In March, addiction was front and center with a special town hall meeting held on opiate abuse in Point Pleasant. “We need you all together to help us, to help others. We’re not bad people, we just make dumb decisions, that’s all.” So said Matt Young, a recovering addict who addressed those gathered at the town hall meeting on opiate abuse led by Tim White from Prestera and sponsored by the Mason County Prevention Coalition and Loved Ones Support Group.
Conducted at Main Street Baptist Church, many from the recovery, law enforcement, faith and health care communities gathered, as did those from local government and residents who wanted to be more involved and informed about the epidemic. The meeting consisted of a brief video presentation and a question-and-answer period with a panel made up of Sheriff Greg Powers, Prosecutor Craig Tatterson, Young, then-Mason County Health Department Administrator Diana Riddle, Mason County Day Report Director Steve Presley and a representative from Prestera Center in Point Pleasant.
Also in March, Point Pleasant City Council was the latest entity to agree to draft a resolution supporting the continued operation of Tu-Endie-Wei State Park by the State of West Virginia. Diana Johnson, who is a local park advocate, member of the Col. Charles Lewis Chapter NSDAR and organizer of the annual Battle Days event which utilizes the park, appeared before city council and other entities, to stress her concerns about the park’s possible closure.
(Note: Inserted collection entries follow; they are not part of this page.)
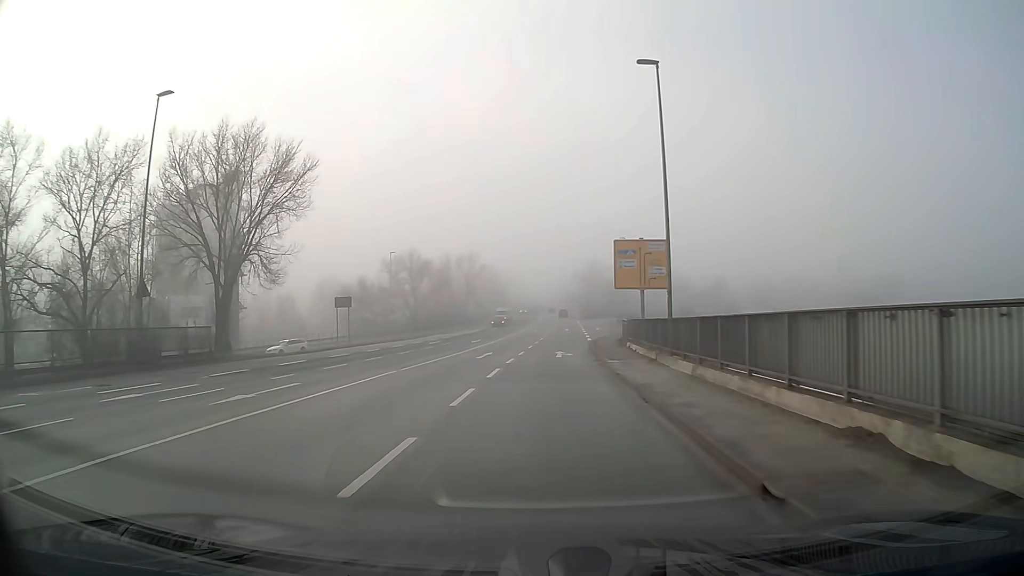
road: primary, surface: asphalt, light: Day
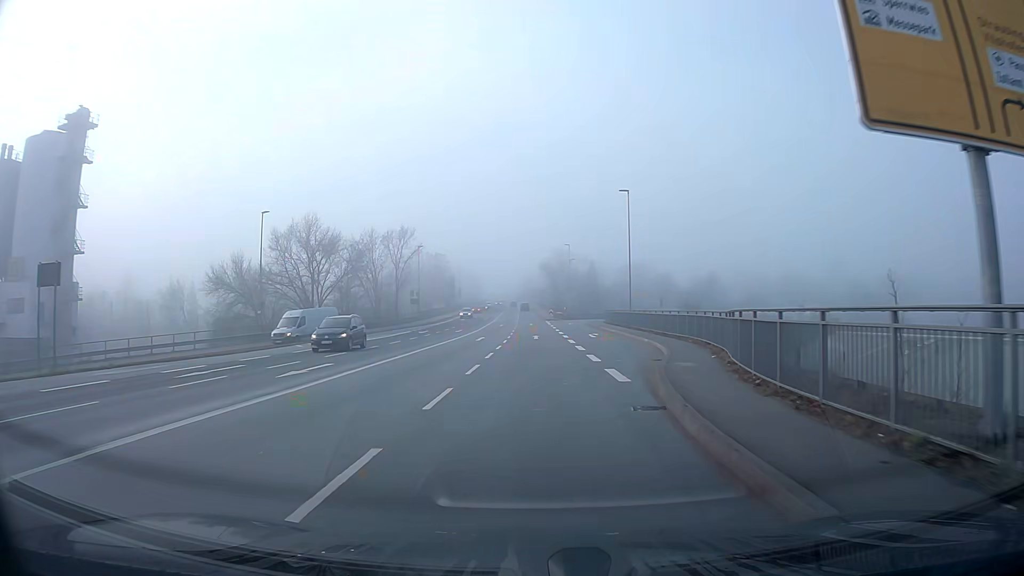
(+0.9, +31.4) m; +3°
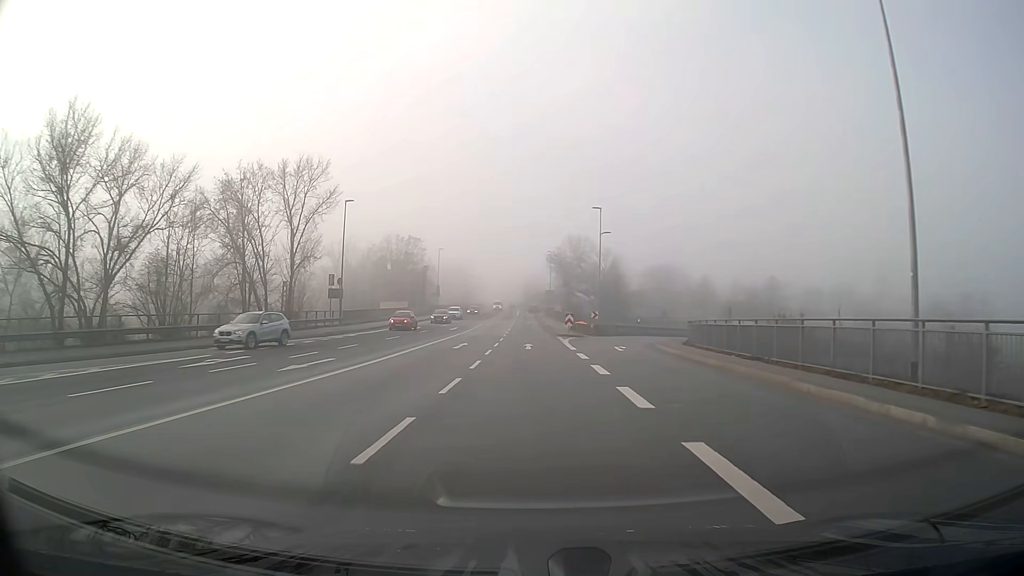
(+0.1, +39.6) m; 0°
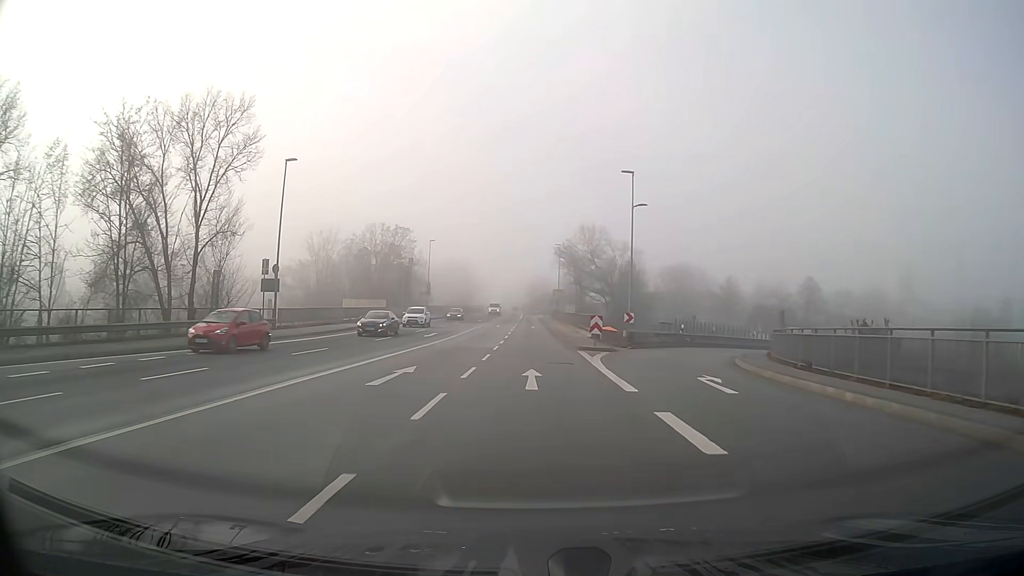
(-0.1, +15.5) m; 0°
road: primary_link
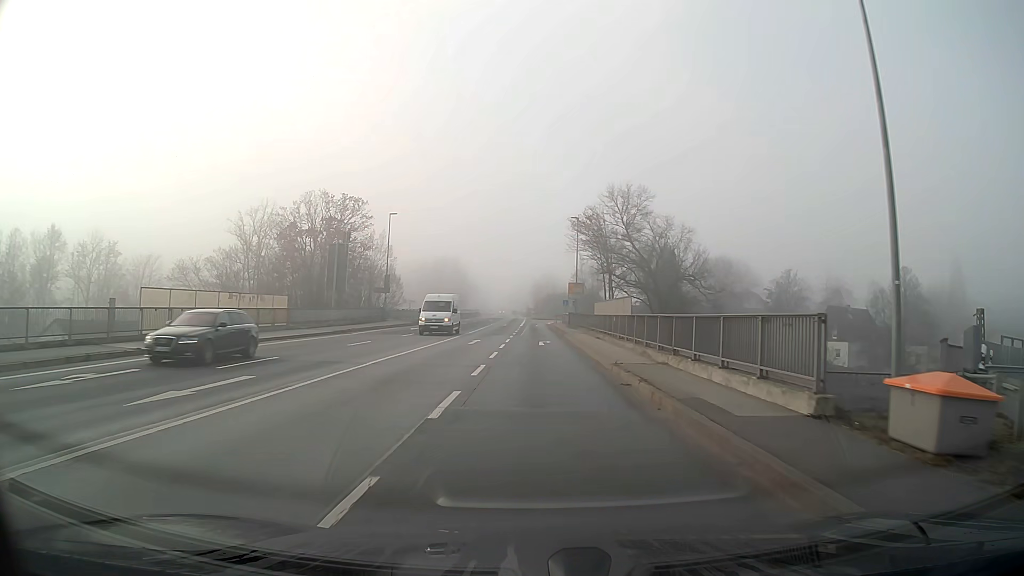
(-0.2, +30.2) m; 0°
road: primary
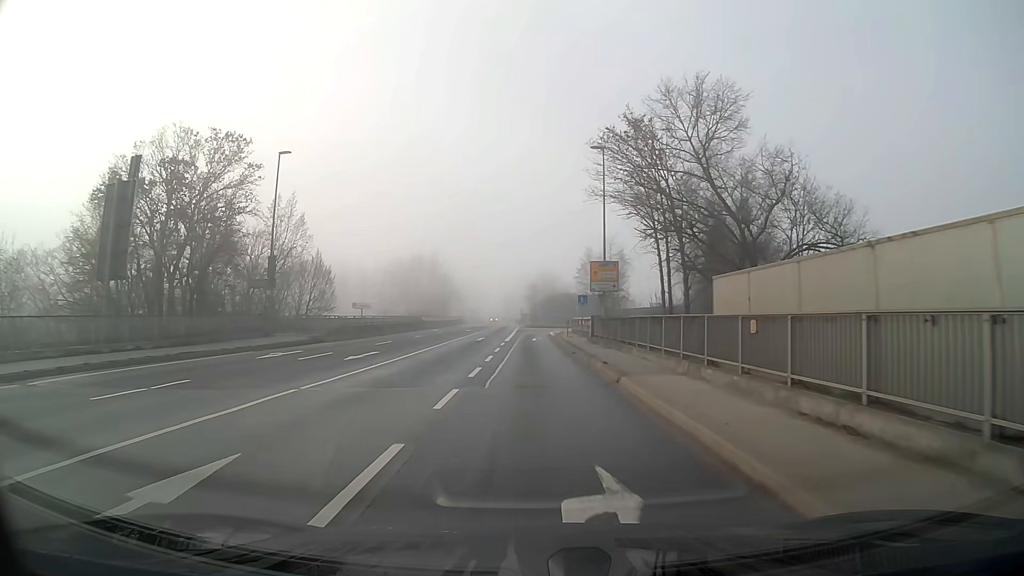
(+0.1, +29.1) m; 0°
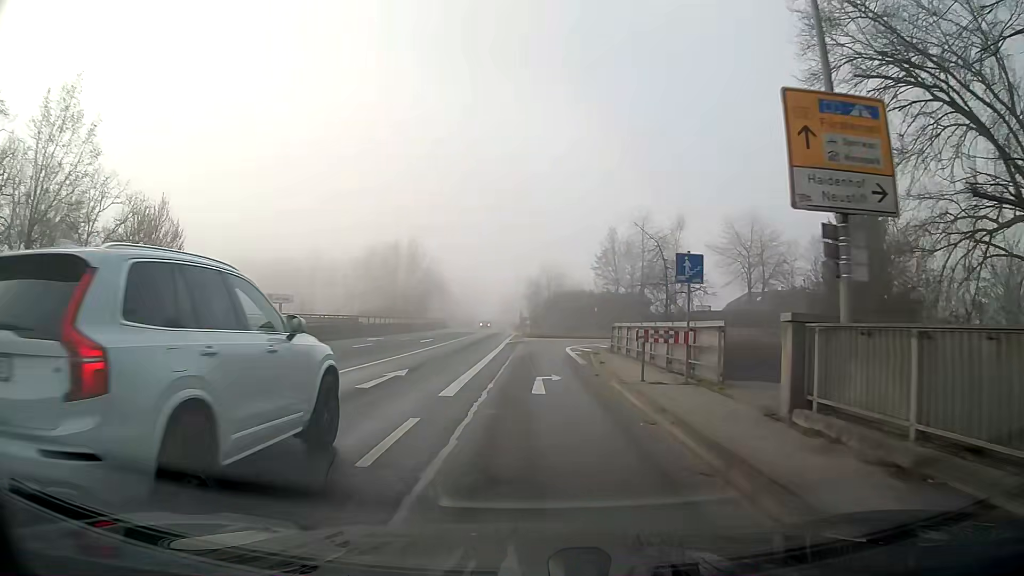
(-0.1, +27.8) m; 0°
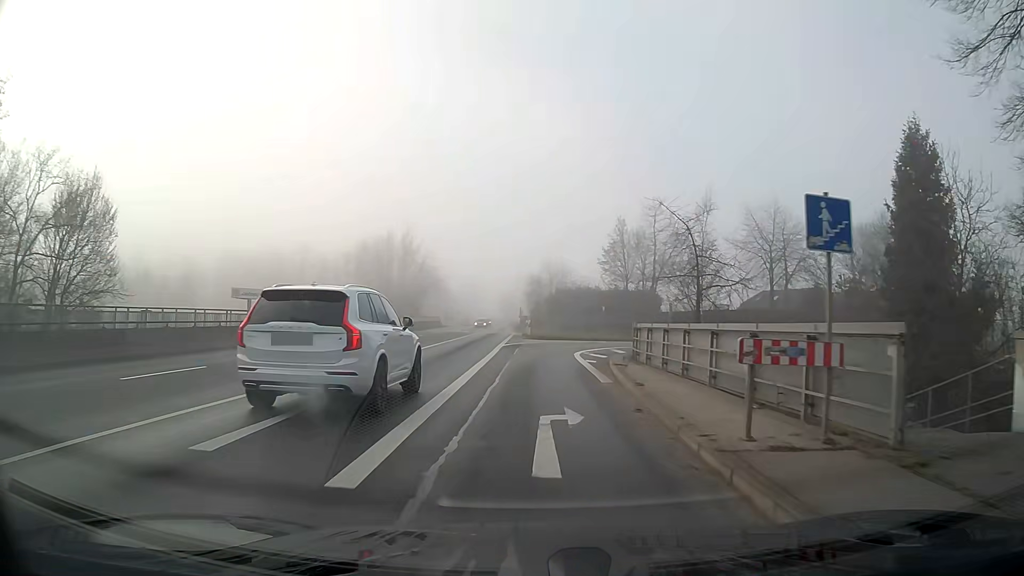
(0.0, +6.5) m; 0°
(0, +10) (0, +20) (+1, +30) (+5, +39) (+12, +46) (+22, +49) (+31, +51) (+41, +54) (+50, +58) (+59, +62) m

The park being on the chopping block all centered around a member of the legislature asking for information from various state agencies for possible fiscal solutions if faced with a hypothetical 6.5 percent additional cut in the 2016-17 budget. One of the hypothetical remedies, according to an article published by the Charleston Gazette-Mail, was to close or operate unstaffed, several state parks, including Tu-Endie-Wei. The park was saved from last year’s budget cuts and with the legislative session set to begin, many will be watching how the state can save money without affecting the historic park in downtown Point Pleasant.